## TASK STATEMENT
Wherever "tight" appears in a line of the listing, that line should be returned.

## MATERIAL PROVIDED
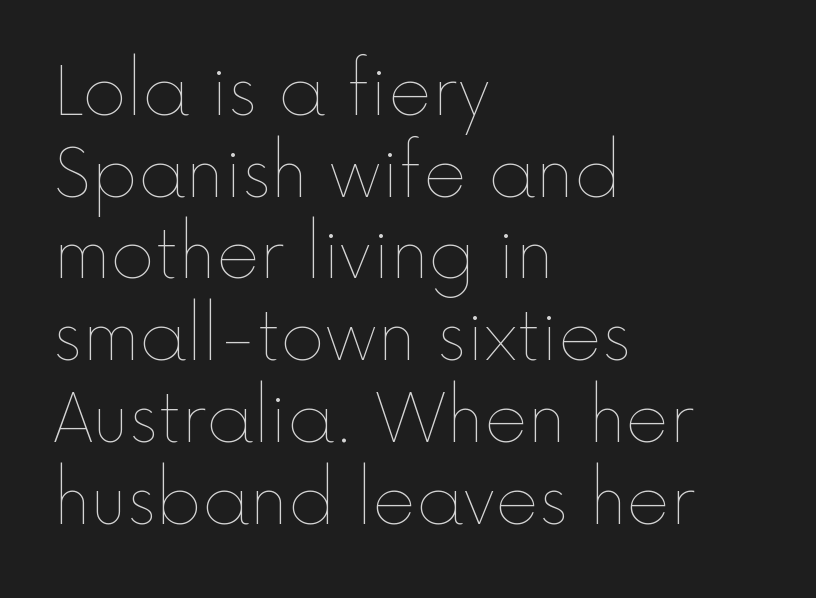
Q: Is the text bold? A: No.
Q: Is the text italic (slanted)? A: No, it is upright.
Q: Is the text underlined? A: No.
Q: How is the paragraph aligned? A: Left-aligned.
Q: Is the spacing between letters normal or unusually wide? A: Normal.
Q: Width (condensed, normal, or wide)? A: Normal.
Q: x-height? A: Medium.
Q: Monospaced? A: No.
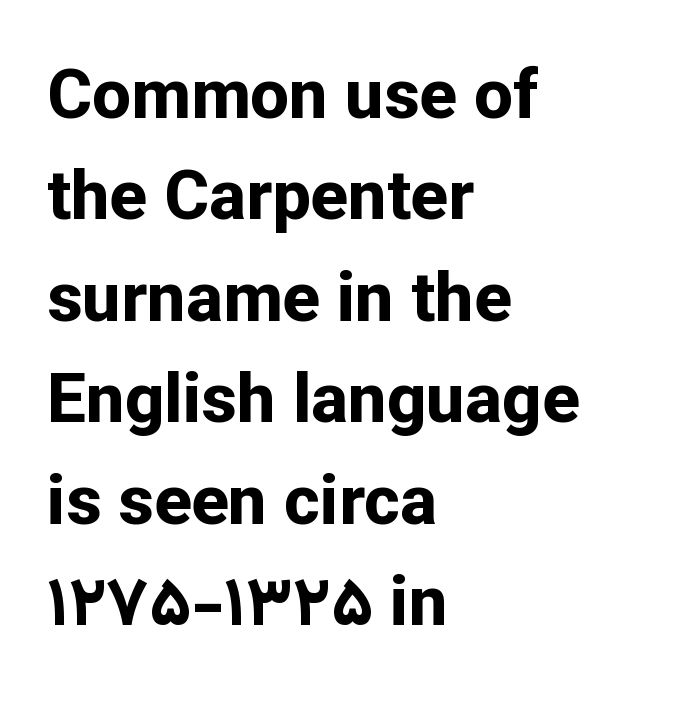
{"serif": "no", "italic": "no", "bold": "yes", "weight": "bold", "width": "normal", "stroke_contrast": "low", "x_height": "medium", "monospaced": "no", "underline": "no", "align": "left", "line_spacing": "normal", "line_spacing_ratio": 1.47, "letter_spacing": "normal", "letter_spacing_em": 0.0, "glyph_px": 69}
* * *
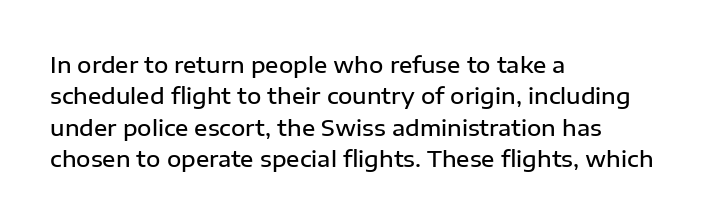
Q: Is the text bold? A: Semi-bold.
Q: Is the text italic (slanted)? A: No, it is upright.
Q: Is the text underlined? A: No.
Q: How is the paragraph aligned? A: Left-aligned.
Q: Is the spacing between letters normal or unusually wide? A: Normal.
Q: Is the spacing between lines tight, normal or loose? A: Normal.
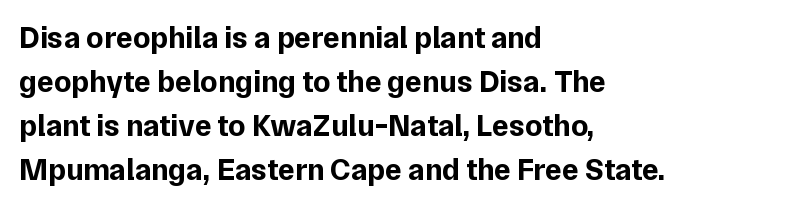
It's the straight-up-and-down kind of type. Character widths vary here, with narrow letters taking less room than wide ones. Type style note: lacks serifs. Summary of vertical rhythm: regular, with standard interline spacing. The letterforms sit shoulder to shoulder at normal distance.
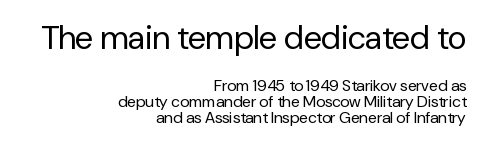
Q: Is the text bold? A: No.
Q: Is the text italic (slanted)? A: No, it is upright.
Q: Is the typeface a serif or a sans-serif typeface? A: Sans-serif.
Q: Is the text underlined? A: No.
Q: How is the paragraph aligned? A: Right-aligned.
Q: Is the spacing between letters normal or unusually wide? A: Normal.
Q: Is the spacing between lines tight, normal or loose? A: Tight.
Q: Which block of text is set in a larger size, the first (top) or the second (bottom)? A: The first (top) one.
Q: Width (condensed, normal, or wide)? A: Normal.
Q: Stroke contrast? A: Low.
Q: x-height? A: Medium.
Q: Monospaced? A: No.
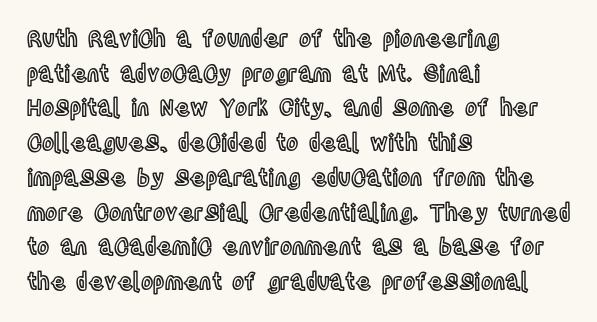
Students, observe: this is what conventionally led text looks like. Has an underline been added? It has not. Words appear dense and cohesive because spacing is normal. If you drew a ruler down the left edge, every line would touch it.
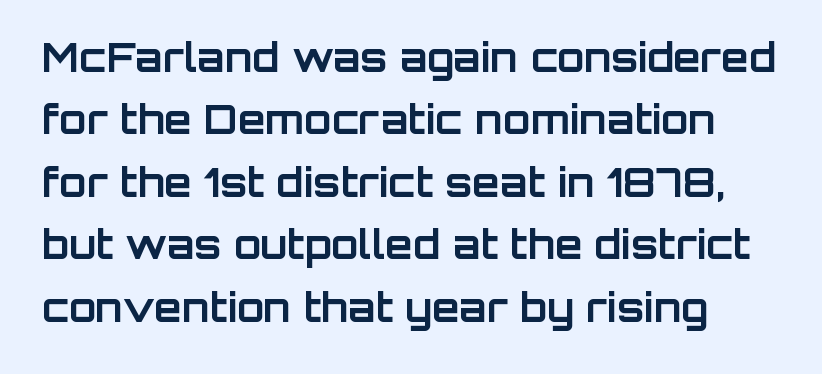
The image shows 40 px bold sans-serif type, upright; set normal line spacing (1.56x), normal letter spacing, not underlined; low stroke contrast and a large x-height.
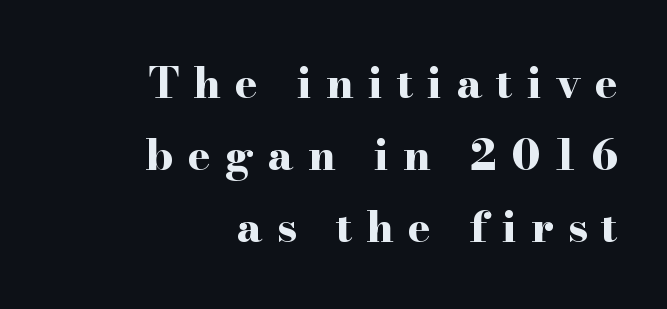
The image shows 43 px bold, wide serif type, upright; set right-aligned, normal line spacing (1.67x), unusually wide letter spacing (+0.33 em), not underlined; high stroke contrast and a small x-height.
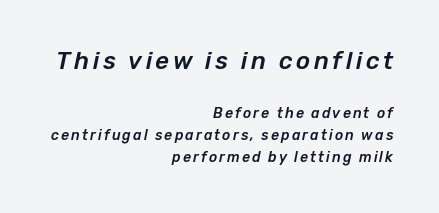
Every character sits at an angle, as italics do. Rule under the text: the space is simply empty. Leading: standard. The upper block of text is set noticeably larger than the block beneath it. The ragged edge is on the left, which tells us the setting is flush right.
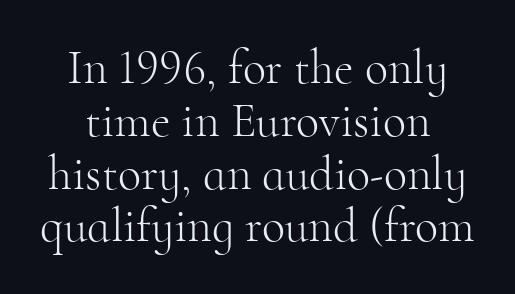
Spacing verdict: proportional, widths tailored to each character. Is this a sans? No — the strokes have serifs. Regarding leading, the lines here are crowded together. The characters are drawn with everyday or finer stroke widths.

## ANSWER SPACE
Q: Is the spacing between lines tight, normal or loose? A: Normal.
Q: Is the spacing between lines tight, normal or loose? A: Tight.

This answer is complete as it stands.